Dein Punkt 2 ist sicher wichtig, aber auch mehrdeutig. "Sicher" im Sinne von Backup -> Siehe oben. Mindestens ein weiteres richtiges Backup ist zwingend notwendig, das nimmt dir ein NAS nicht automatisch ab, bietet aber viele Möglichkeiten dieses automatisiert durchzuführen. "Sicher" im Sinne von geschützt vor Fremdzugriff steht im Widerspruch zu deinen Punkten 1 und 3. Du möchtest dein NAS von außen erreichen, damit kann das aber auch jeder andere. Zusammen mit Punkt 3 (Nicht falsch verstehen, Basteln und Experimente sind super!) baust du dir sehr schnell ein Einfallstor in dein gesamtes Netzwerk.


----------



## fotoman (20. Juni 2020)

Lazar07 schrieb:


> Ich würde so ca. von 10 -15 TB reden.]


Plus einmal Backup sind das dann 20-30 TB an Daten, verteilt auf zwei "Systeme" (egal, ob das 2. System dann 1-2 ext. USB HDDs sind oder nur Platten im NAS, die in Sachen Zugriff von den Nutzdaten getrennt sind). Die USB-Platten sind zwar sicherer, da sie selbst im Fall eines gravierenden Softwarefehlers (oder bei einem Elementarschaden) nicht zugreifbar sind, dafür muss man sich regelmäßig um das Backup kümmern.



Lazar07 schrieb:


> 1. Daten von überall aus zuzugreifen können,


Dann wird Du etwas wie OwnCloud/NextCloud benötigen, da der Zugriff per (S)FTP von Android/iOS aus, gelinde gesagt, nicht so komfortabel ist. Keine Ahnung, ob VLC darüber Videos abspielen kann, aus den Browsern soll FTP demnächst ersatzlos gestrichen werden (die jungen Schnösel dort an der "Macht" halten halt nichts von etablierten Protokollen)



Lazar07 schrieb:


> 2. Diese sicher sind,


Wie hier schon gesagt wurde: Sicher im Sinne von Verlust durch eigene Fehler oder HW-Ausfälle liefert nur ein Backup. Sicherheit im Sinne von Schutz vor fremden Zugriff liefert nur der Verzicht auf den weltweiten Zugriff oder ein gute Kenntnis der Mechanismen und eine andauernde Fortbildung (da reichen m.M.n. einfache Sicherheitsupdates auf Dauer nicht), und das wirklich dauerhaft so lange das NAS genutzt wird. Dinge, die man zu Hause im Heimnetz ohne fremden Zugriff im Zweifel einfach hinnimmt, verbieten sich dann.



Lazar07 schrieb:


> 3. Heimexperiment, neues Ausprobieren, Wissen erweitern (ich bin eig. nur Software-Engineer in Ausbildung, aber wollte auch andere Themen ein bisschen verstehen)

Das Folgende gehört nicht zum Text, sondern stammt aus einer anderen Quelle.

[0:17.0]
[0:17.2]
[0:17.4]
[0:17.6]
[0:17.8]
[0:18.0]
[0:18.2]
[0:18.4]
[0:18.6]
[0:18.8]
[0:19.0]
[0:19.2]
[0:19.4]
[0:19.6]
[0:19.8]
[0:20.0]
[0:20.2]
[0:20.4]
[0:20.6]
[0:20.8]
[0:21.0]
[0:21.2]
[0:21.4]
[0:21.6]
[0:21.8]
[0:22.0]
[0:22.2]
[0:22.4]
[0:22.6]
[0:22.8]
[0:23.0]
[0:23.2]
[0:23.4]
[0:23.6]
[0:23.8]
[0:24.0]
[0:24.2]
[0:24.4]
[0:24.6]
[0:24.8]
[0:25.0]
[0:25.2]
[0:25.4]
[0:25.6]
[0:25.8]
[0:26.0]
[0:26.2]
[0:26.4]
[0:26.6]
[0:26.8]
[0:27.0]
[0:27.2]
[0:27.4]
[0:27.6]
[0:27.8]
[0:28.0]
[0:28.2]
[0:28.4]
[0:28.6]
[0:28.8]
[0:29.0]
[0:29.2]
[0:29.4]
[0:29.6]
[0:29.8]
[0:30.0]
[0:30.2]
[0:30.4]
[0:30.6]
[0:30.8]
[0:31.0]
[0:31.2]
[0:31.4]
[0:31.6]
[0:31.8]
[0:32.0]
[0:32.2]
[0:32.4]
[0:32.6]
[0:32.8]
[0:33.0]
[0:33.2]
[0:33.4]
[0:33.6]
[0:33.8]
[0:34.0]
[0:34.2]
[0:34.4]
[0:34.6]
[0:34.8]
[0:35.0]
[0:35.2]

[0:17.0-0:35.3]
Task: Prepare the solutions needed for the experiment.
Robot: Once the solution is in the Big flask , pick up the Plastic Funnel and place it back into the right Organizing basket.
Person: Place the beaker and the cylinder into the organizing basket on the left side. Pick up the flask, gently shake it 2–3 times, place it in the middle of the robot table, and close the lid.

Genau das ist es, warum mein NAS/Heimserver vermutlich niemals von außen erreichbar sein wird. Im Heimnetz kann ich mit vielen Dingen herum spielen und das Risiko für meine Daten dort noch ansatzweise abschätzen. Lasse ich mich, und damit potentiell auch andere, von außen auf mein NAS zugreifen, dann wäre bei mir immer die Angst dabei, dass ein bisher unbekannter Bug oder eher eine von mir nicht korrekt durchgeführte Konfig jemanden in mein Heimnetz lässt. Bin ich mal 3 Wochen im Urlaub und genau dann wird ein kritischer Bug entdeckt, bleibt er ohne zweiten Admin zu Hause entweder so lange offen oder ich aktiviere das automatisch Patchen mit allen bekannten Problemen.

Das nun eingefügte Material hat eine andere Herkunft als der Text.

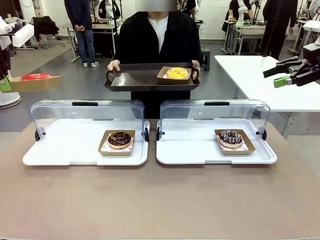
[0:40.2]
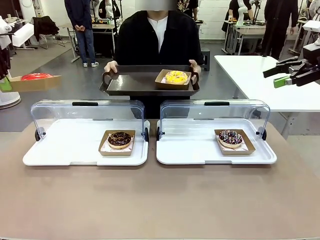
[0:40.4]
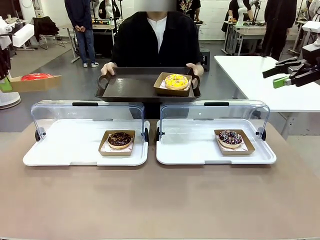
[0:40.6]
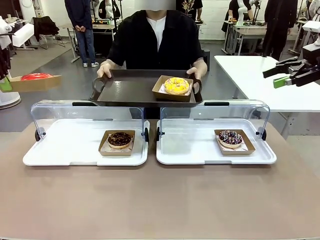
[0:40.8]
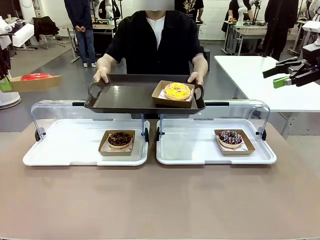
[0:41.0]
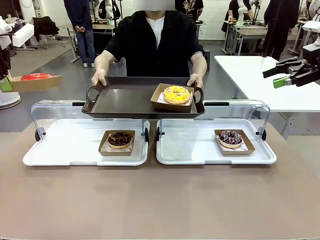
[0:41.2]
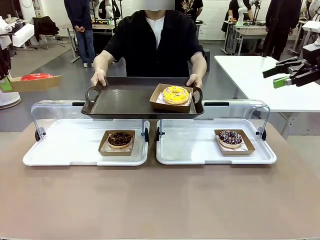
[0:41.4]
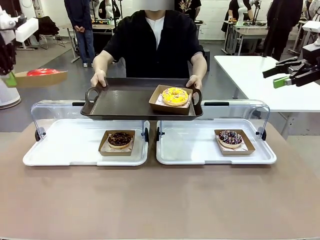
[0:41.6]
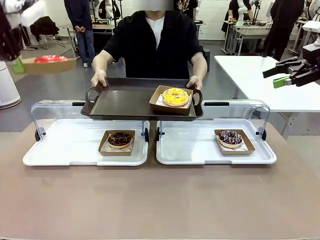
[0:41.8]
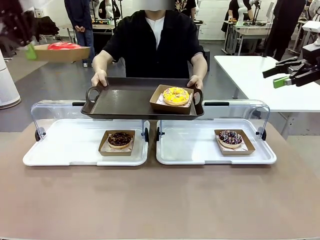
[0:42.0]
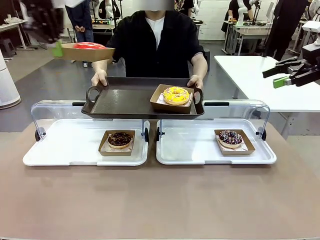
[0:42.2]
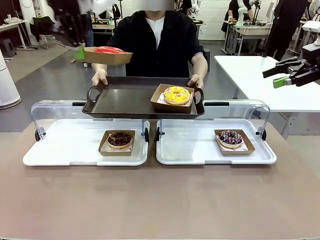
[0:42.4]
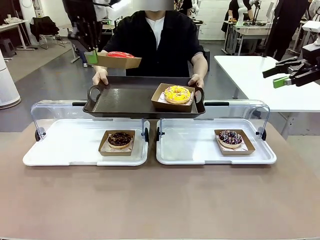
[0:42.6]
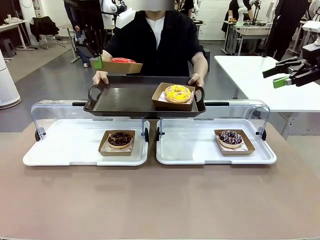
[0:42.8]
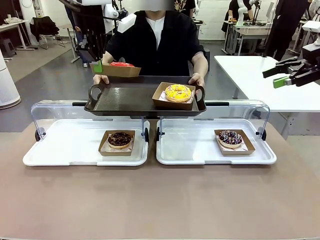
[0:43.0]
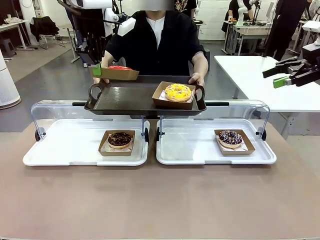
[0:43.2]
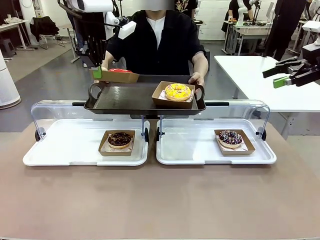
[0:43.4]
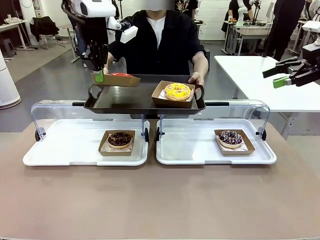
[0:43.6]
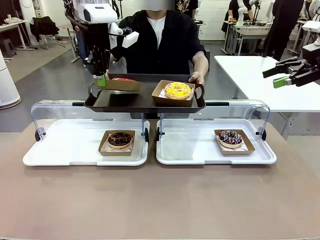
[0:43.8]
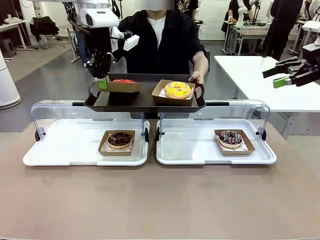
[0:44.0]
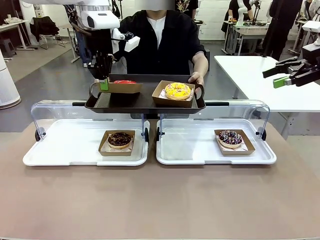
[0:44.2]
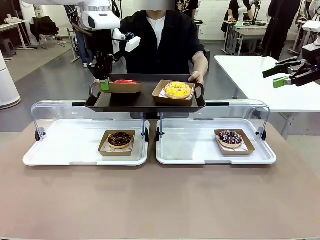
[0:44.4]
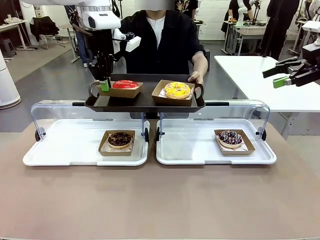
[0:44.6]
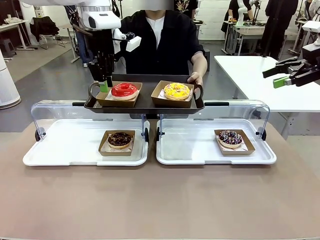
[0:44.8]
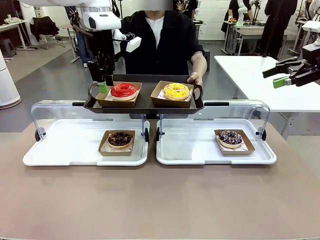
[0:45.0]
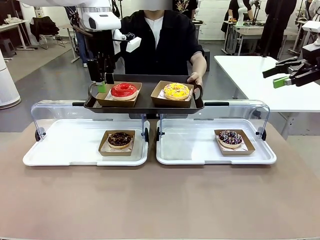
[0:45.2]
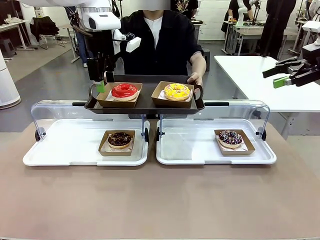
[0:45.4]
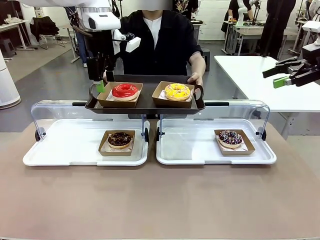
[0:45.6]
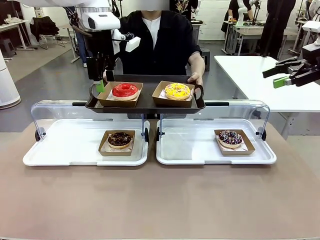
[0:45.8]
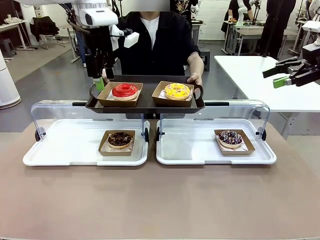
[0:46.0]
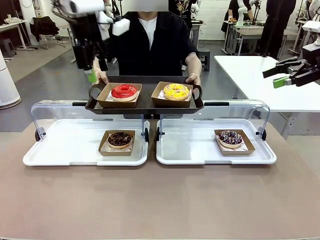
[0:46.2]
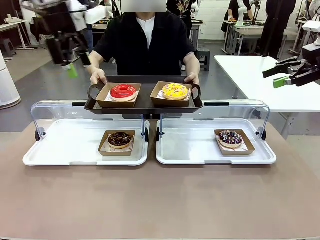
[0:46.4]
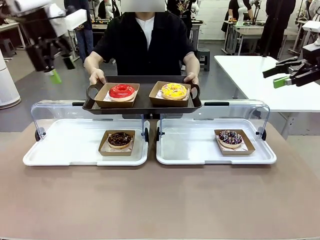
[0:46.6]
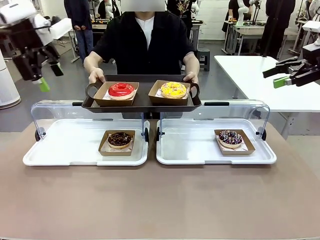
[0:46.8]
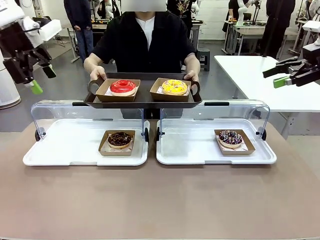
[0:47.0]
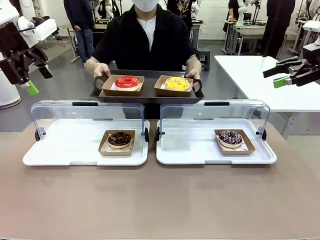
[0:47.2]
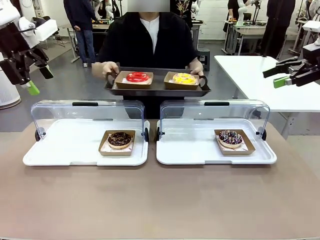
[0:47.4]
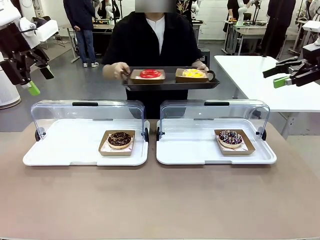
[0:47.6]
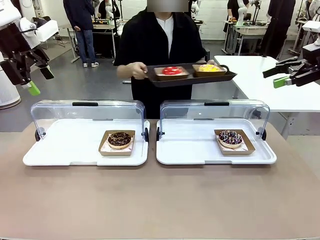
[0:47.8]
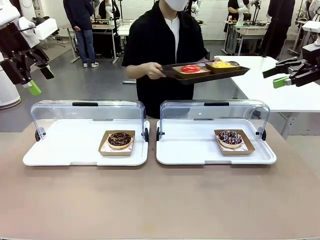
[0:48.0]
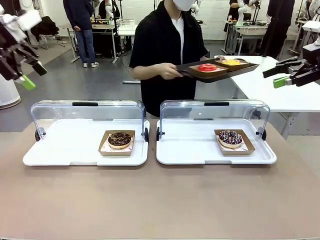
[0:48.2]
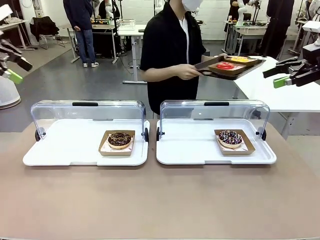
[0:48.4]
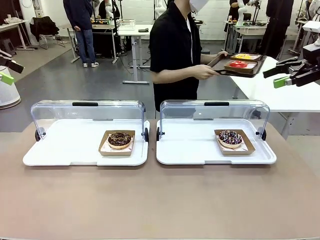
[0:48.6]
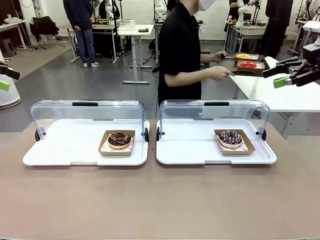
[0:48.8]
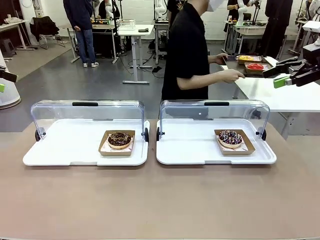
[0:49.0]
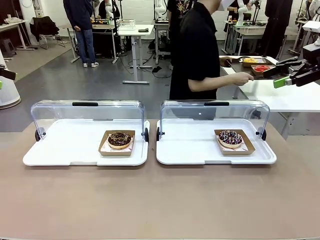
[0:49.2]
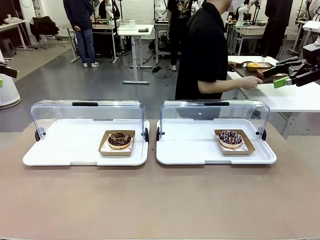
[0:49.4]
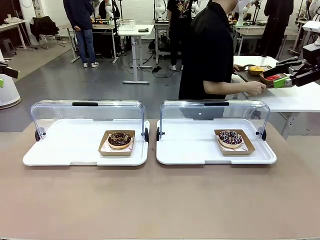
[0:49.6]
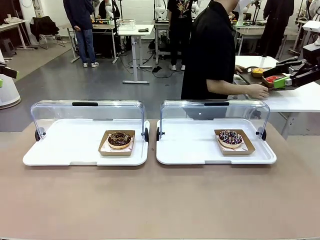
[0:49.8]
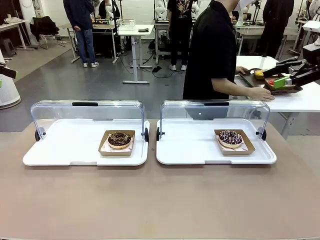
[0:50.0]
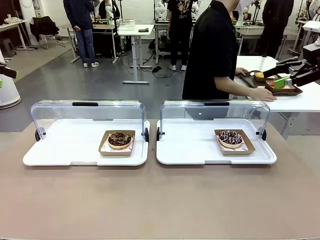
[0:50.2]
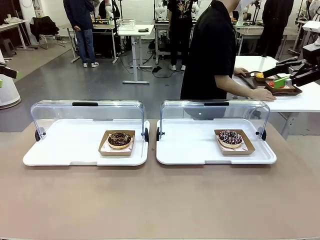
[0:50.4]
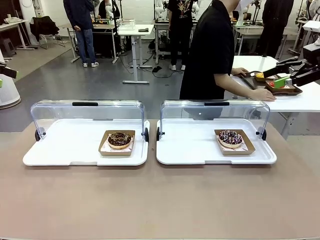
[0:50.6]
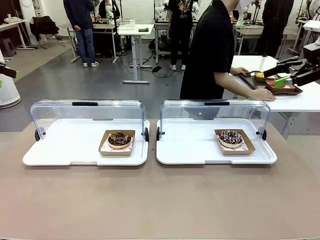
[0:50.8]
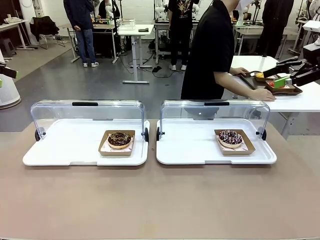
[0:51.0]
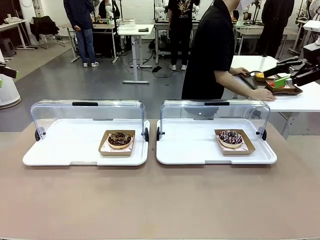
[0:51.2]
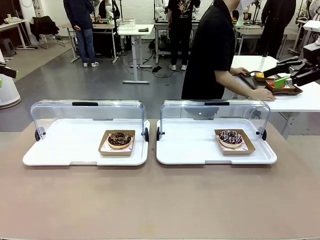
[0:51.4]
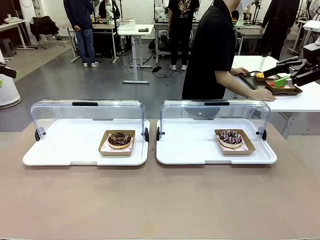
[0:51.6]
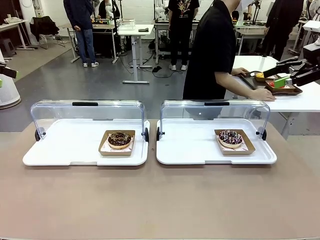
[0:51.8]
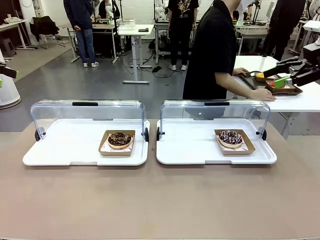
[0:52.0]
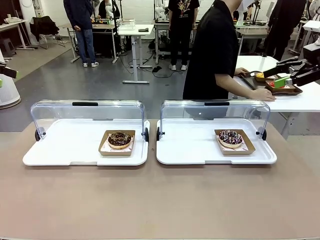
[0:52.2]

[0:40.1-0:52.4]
Task: Provide the desired donut to the person.
Robot: Place the picked Paper togo box onto the Handle tray extended by the person.
Person: Place the tray in the middle of the human table.

TheGermanEngineer schrieb:


> für die Cloud habe ich dann aber noch  ein SSL/TLS-Zertifikat benötigt. Das war tatsächlich nicht so einfach  für mich und müsste auch wieder erneuert werden.

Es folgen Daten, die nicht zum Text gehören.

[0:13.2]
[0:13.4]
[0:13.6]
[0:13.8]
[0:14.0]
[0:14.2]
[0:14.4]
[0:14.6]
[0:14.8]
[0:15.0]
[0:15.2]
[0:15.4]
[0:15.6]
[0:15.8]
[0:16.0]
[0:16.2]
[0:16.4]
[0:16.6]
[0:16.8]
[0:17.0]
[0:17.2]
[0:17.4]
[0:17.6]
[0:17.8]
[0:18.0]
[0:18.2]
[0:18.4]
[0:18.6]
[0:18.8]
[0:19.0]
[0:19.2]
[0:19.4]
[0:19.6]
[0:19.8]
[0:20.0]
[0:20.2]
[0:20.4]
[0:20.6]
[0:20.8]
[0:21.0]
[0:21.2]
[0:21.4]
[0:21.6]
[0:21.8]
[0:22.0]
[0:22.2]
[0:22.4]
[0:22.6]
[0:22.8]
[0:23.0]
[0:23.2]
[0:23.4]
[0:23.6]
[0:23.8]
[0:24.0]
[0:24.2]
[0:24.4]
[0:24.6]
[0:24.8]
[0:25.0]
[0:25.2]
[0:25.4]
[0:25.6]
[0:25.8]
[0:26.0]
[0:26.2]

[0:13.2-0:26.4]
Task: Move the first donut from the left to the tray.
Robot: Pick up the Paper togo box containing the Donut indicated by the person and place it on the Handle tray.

Sollte sich  sowas nicht auch bei DynDNS-Zugängen mittels Let’s Encrypt kostenlos  und automatisiert lösen lassen? Ich habe das aber nur auf meinem gemieteten Webspace aktiv, wo sich jemand anderes um die Konfig kümmert.


----------



## Lazar07 (20. Juni 2020)

Zuerst einmal danke an alle Antworten!  Ich bin hoch erfreut wie schnell solche klaren Antworten kommen.

Mit sicher meinte ich eigentlich die Hardwareseite, weil ich schoneinmal 1 TB von Familienfotos verloren habe. Viele haben dann die Sicherheit des offenen Netzes erwähnt. Ist diese in einem kleinen Home-Netz (3-4 User) so groß, dass ich diese nicht ohne viel Aufwand beseitigen könnte?

Wegen finanziellen Gründen würde ich die 10-15 TB dann so verwenden, dass das dann auch die Backup Dateien beinhaltet.  Ich will, brauche eigentlich keine Sicherung gegen eigener Löschung von Dateien.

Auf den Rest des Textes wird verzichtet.